The letter (Exhibit 1) from Mr. Morris addressed to the South Carolina Industrial Commission reads in its entirety as follows:
“I represent a person employed at a YWCA. Is this organization under the Acts ?”
No reference is made in the letter to any named claimant, nor is the Greenville Y.W.C.A. indicated nor is any date of accident shown. Obviously, even under a most liberal view, this letter did not constitute the filing of a claim and the single Commissioner properly so held.
The remaining question for determination by this court is: Does the record reveal any evidence from which a reasonable inference may be drawn, that the employer and/ or its insurance carrier misled or deceived the claimant into believing that her rights were protected, and that she need not file a formal claim with the Industrial Commission within the one year period permitted by statute, so that the principles of either estoppel or waiver would be applicable?
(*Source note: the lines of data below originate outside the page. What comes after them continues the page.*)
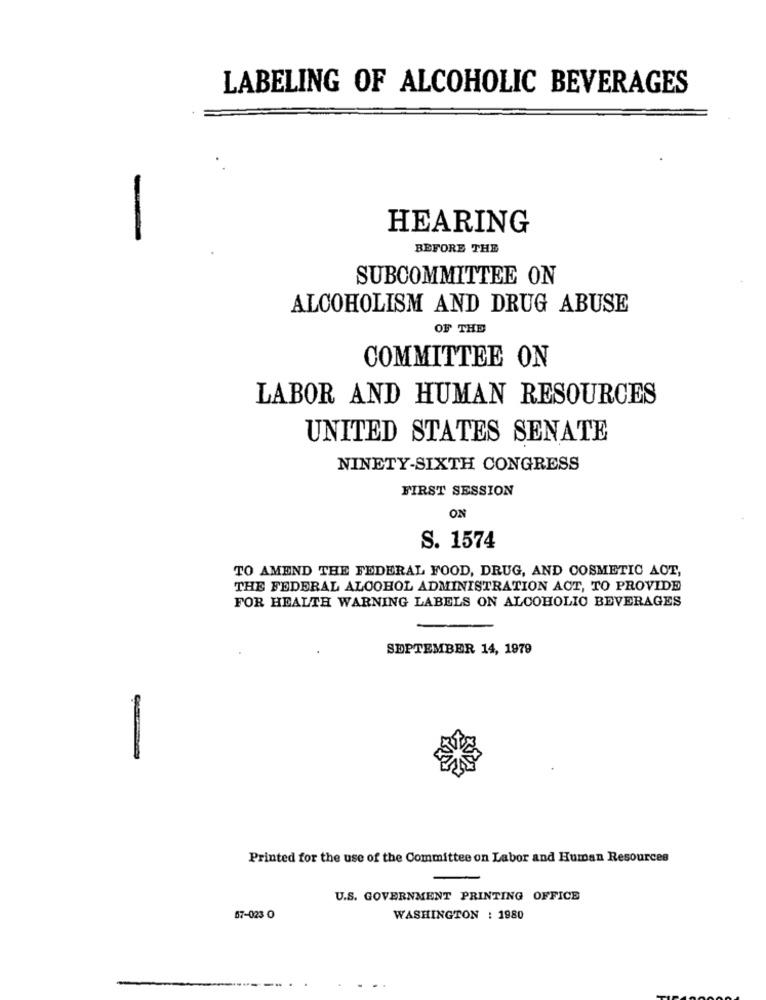
LABELING OF ALCOHOLIC BEVERAGES
HEARING
BEFORE THE
SUBCOMMITTEE ON
ALCOHOLISM AND DRUG ABUSE
OF THE
COMMITTEE ON
LABOR AND HUMAN RESOURCES
UNITED STATES SENATE
NINETY-SIXTH CONGRESS
FIRST SESSION
ON
S. 1574
TO AMEND THE FEDERAL FOOD, DRUG, AND COSMETIC ACT,
THE FEDERAL ALCOHOL ADMINISTRATION ACT, TO PROVIDE
FOR HEALTH WARNING LABELS ON ALCOHOLIC BEVERAGES
SEPTEMBER 14, 1979
-
Printed for the use of the Committee on Labor and Human Resources
U.S. GOVERNMENT PRINTING OFFICE
67-023 0
WASHINGTON : 1980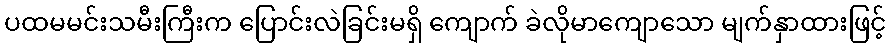
ပထမမင်းသမီးကြီးက ပြောင်းလဲခြင်းမရှိ ကျောက် ခဲလိုမာကျောသော မျက်နှာထားဖြင့်

This Court has held that the employer may waive the one-year filing requirement and be estopped by its action. As we said in the case of Poole v. E. I. DuPont De Nemours & Co., 227 S. C. 232, 87 S. E. (2d) 640:
“It is now well settled that compliance with the aforementioned statute may be waived by the employer and its insurance carrier or they may become estopped by their conduct from asserting the statute as a defense. Young v. Sonoco Products Company, 210 S. C. 146, 41 S. E. (2d) *494860. An examination of the decisions of this Court dealing with this question will reveal an adherence to the general principle that waiver or estoppel will arise from conduct on the part of the employer or carrier from which it may be reasonably inferred that the claimant was misled or deceived, whether intentionally or not, and thereby failed to file his claim within the year after the accident.”
Under our workmen’s compensation law the Commission sits in lieu of a jury and neither the Circuit Court nor this Court may interfere with its findings of fact unless there is an absence of evidence to sustain the findings of the Commission.
The claimant employed an attorney of her own choosing and after he left the case she still had approximately six months of the one year permitted in which to secure other counsel, or file a claim without counsel, if she had chosen. She did nothing for approximately 18 months. Her failure to act cannot be attributed to conduct on the part of either the employer or the carrier.
A review of the entire record, including each answer to every question, fails to reveal any evidence which creates a reasonable inference that the employer or the insurance carrier misled or deceived the claimant, intentionally or unintentionally. There is no evidence that the employer or the insurance carrier waived their right to assert the statute of limitations, nor that they should be estopped to assert the same. The single Hearing Commissioner correctly decided the issues and the lower court is
Reversed.
Moss, C. J., and Lewis, Bussey and Brailsford, JJ., concur.